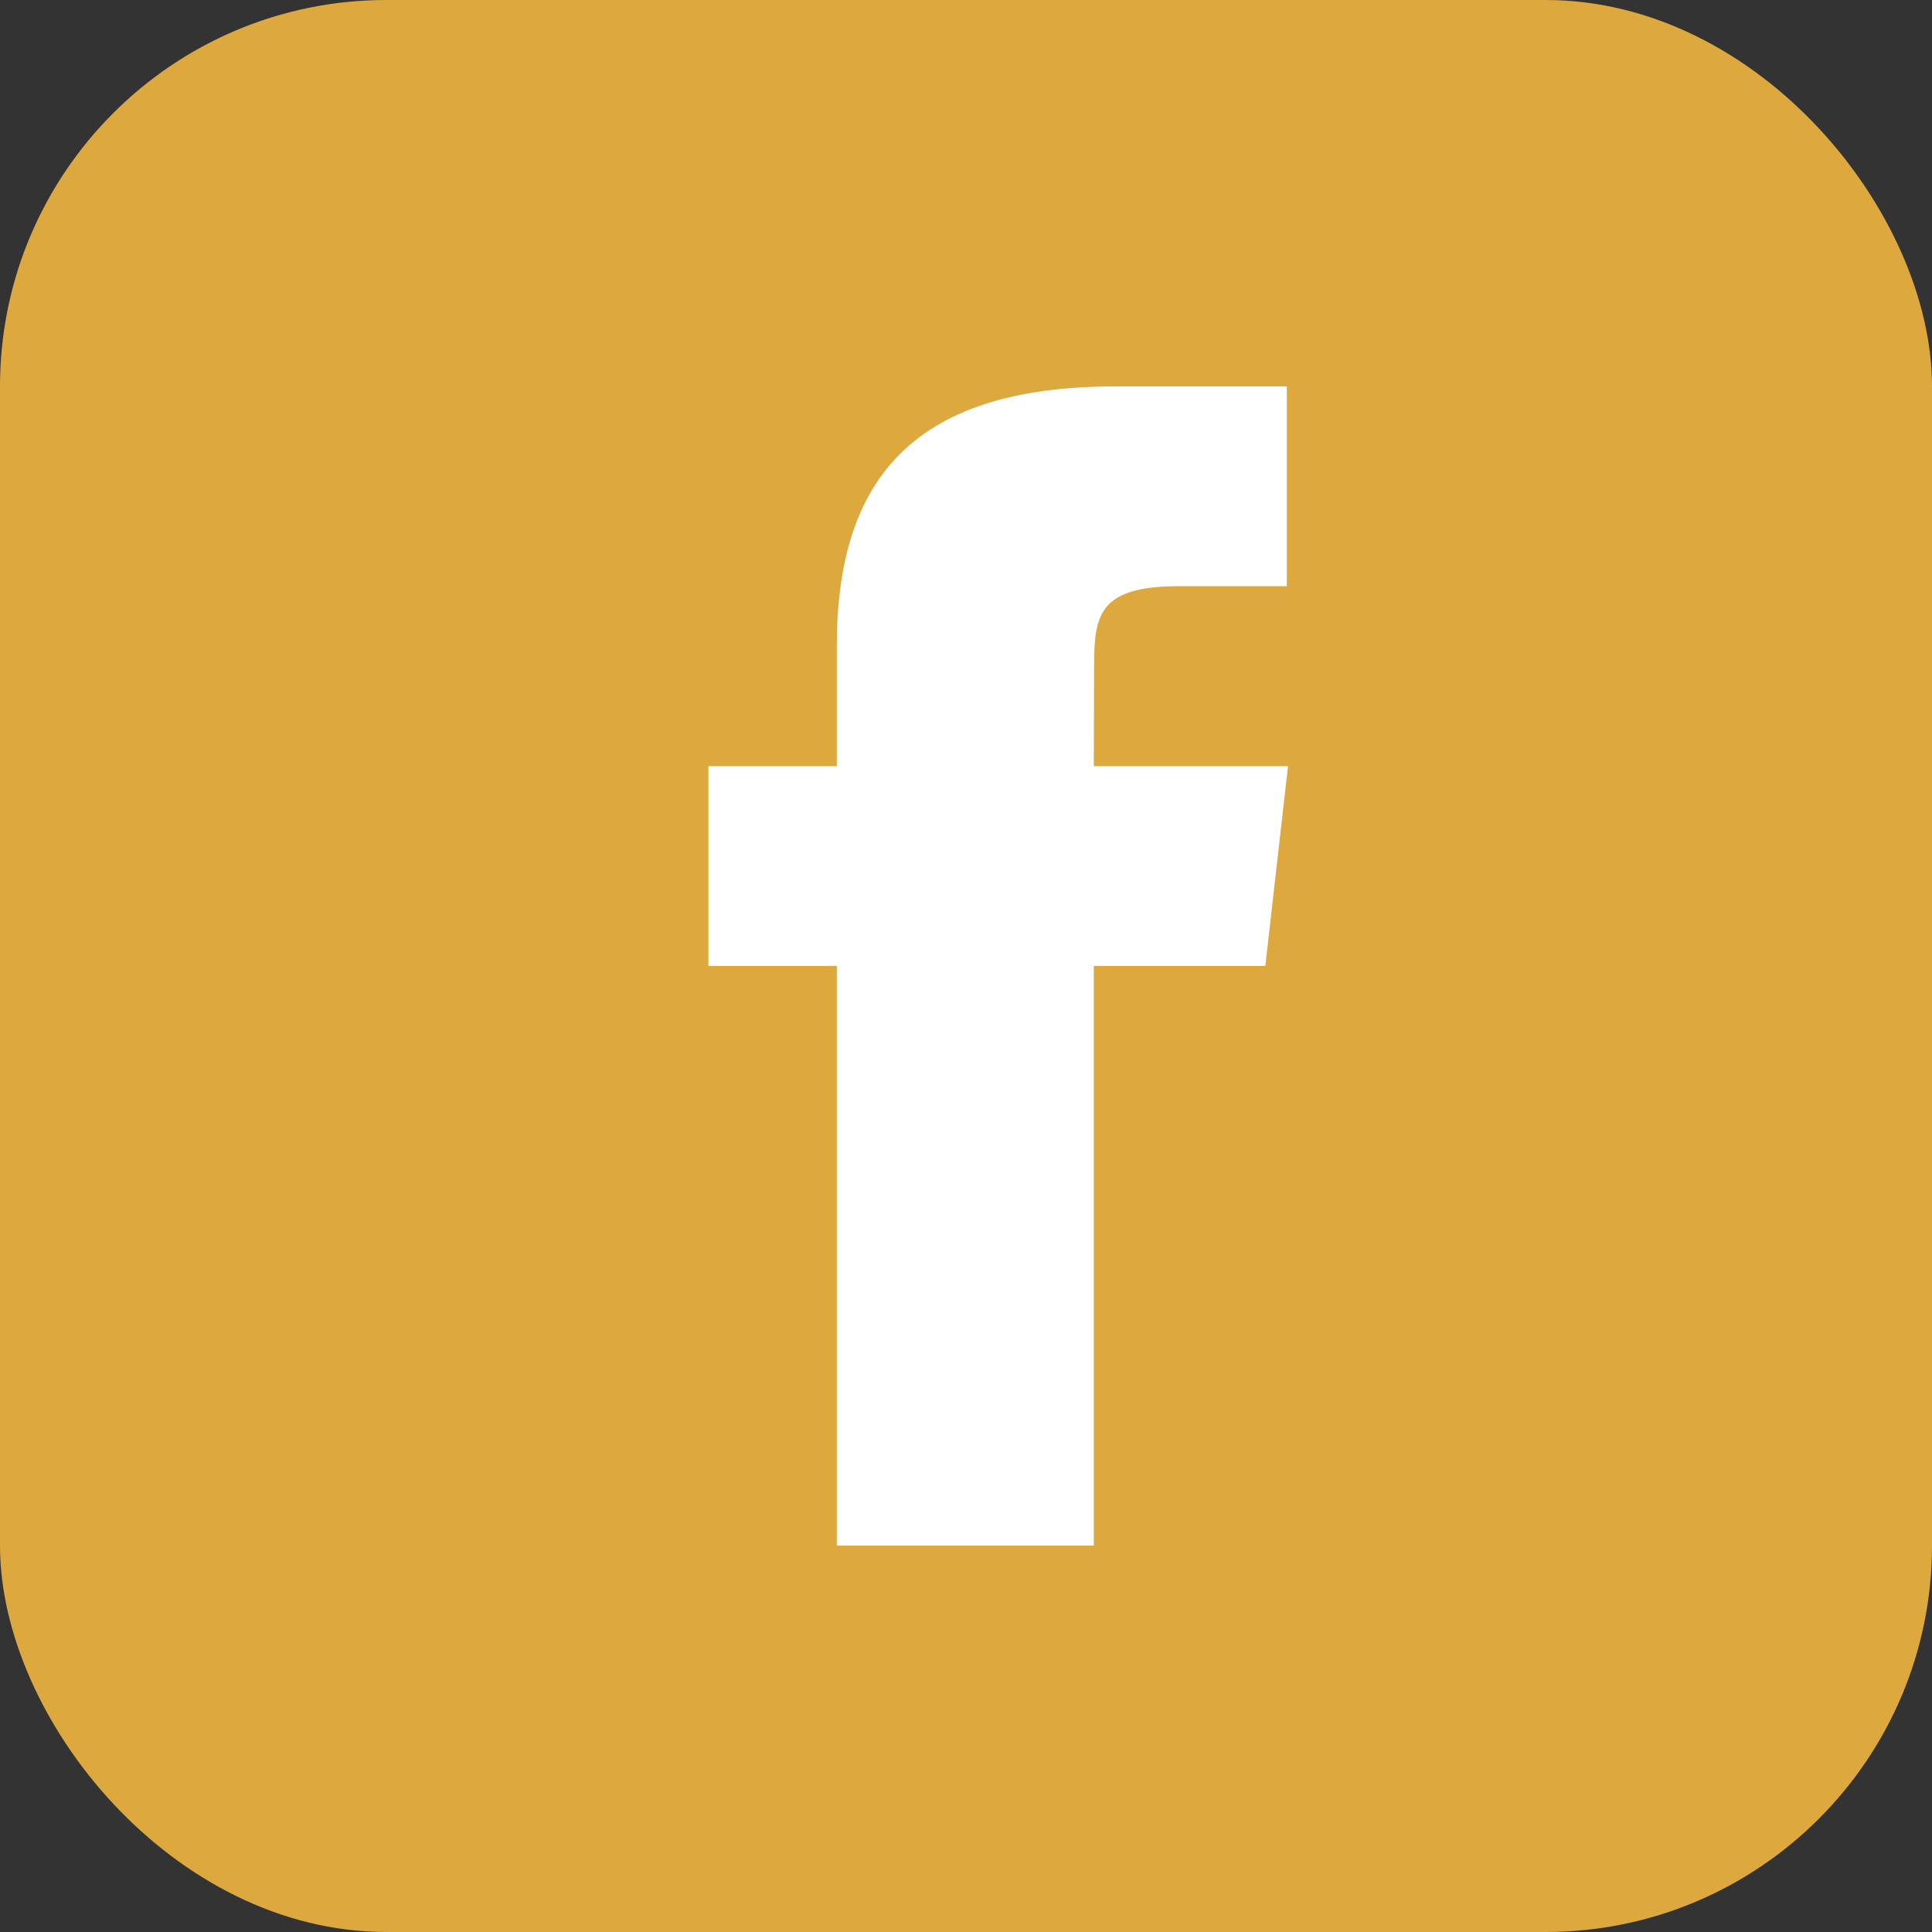 <svg width="40" height="40" viewBox="0 0 40 40" fill="none" xmlns="http://www.w3.org/2000/svg">
<rect x="0" y="0" width="40" height="40" fill="#333333" stroke="none"/>
<rect width="40" height="40" rx="8" fill="#DDA83E"/>
<path d="M22.646 32V19.999H26.197L26.667 15.863H22.646L22.652 13.793C22.652 12.714 22.762 12.136 24.422 12.136H26.642V8H23.091C18.826 8 17.325 10.006 17.325 13.38V15.863H14.667V19.999H17.325V32H22.646Z" fill="white"/>
</svg>
_ _ _ _ _ _ _
- **What you need to do**
Check the data for the word "rect" and pull out the lines that have it.

- **Response below**
<rect x="0" y="0" width="40" height="40" fill="#333333" stroke="none"/>
<rect width="40" height="40" rx="8" fill="#DDA83E"/>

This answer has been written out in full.